**WHAT YOU HAVE TO DO**
Identify and pull out each line of the entries in which "path" occurs.

Dataset records:
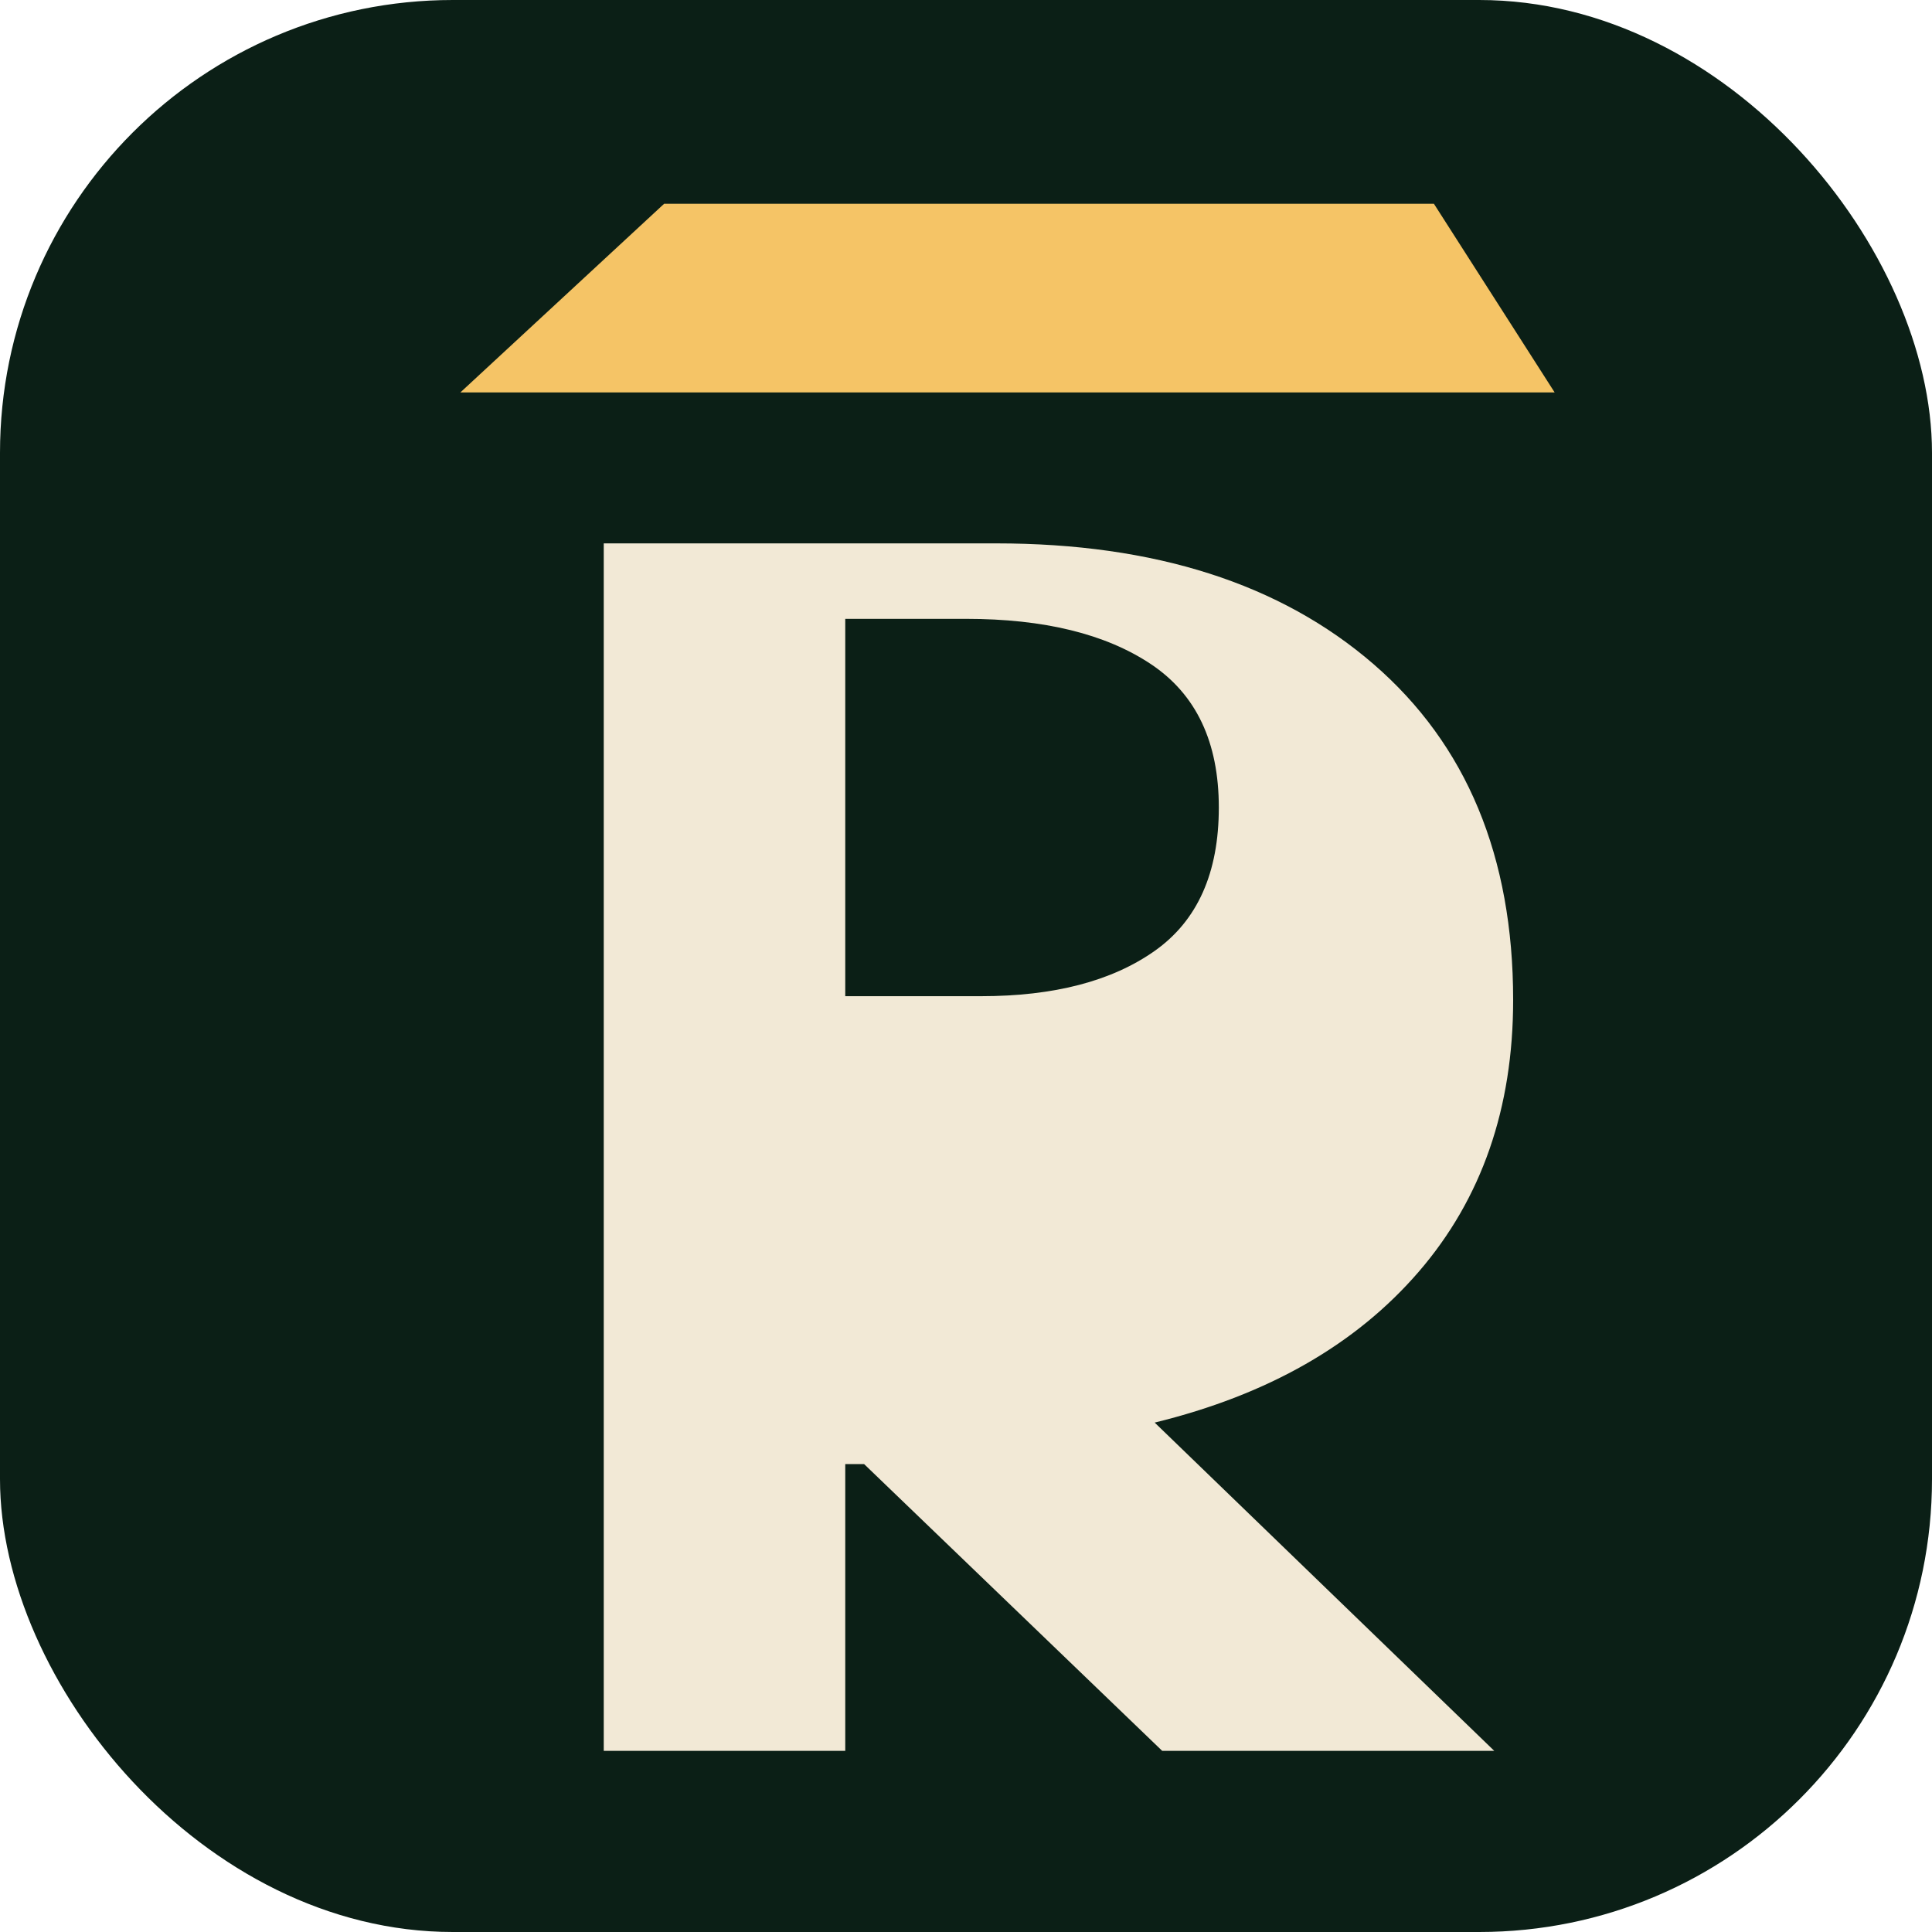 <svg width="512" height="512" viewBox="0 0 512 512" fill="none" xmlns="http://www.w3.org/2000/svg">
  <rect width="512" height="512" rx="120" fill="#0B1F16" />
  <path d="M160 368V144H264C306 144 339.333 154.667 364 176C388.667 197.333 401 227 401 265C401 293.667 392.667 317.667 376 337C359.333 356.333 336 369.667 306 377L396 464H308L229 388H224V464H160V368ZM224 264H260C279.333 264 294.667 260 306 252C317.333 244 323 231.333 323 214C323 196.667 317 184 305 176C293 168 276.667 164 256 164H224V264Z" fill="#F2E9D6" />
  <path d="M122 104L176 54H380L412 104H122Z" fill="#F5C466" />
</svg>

**EXERCISE OUTPUT**
  <path d="M160 368V144H264C306 144 339.333 154.667 364 176C388.667 197.333 401 227 401 265C401 293.667 392.667 317.667 376 337C359.333 356.333 336 369.667 306 377L396 464H308L229 388H224V464H160V368ZM224 264H260C279.333 264 294.667 260 306 252C317.333 244 323 231.333 323 214C323 196.667 317 184 305 176C293 168 276.667 164 256 164H224V264Z" fill="#F2E9D6" />
  <path d="M122 104L176 54H380L412 104H122Z" fill="#F5C466" />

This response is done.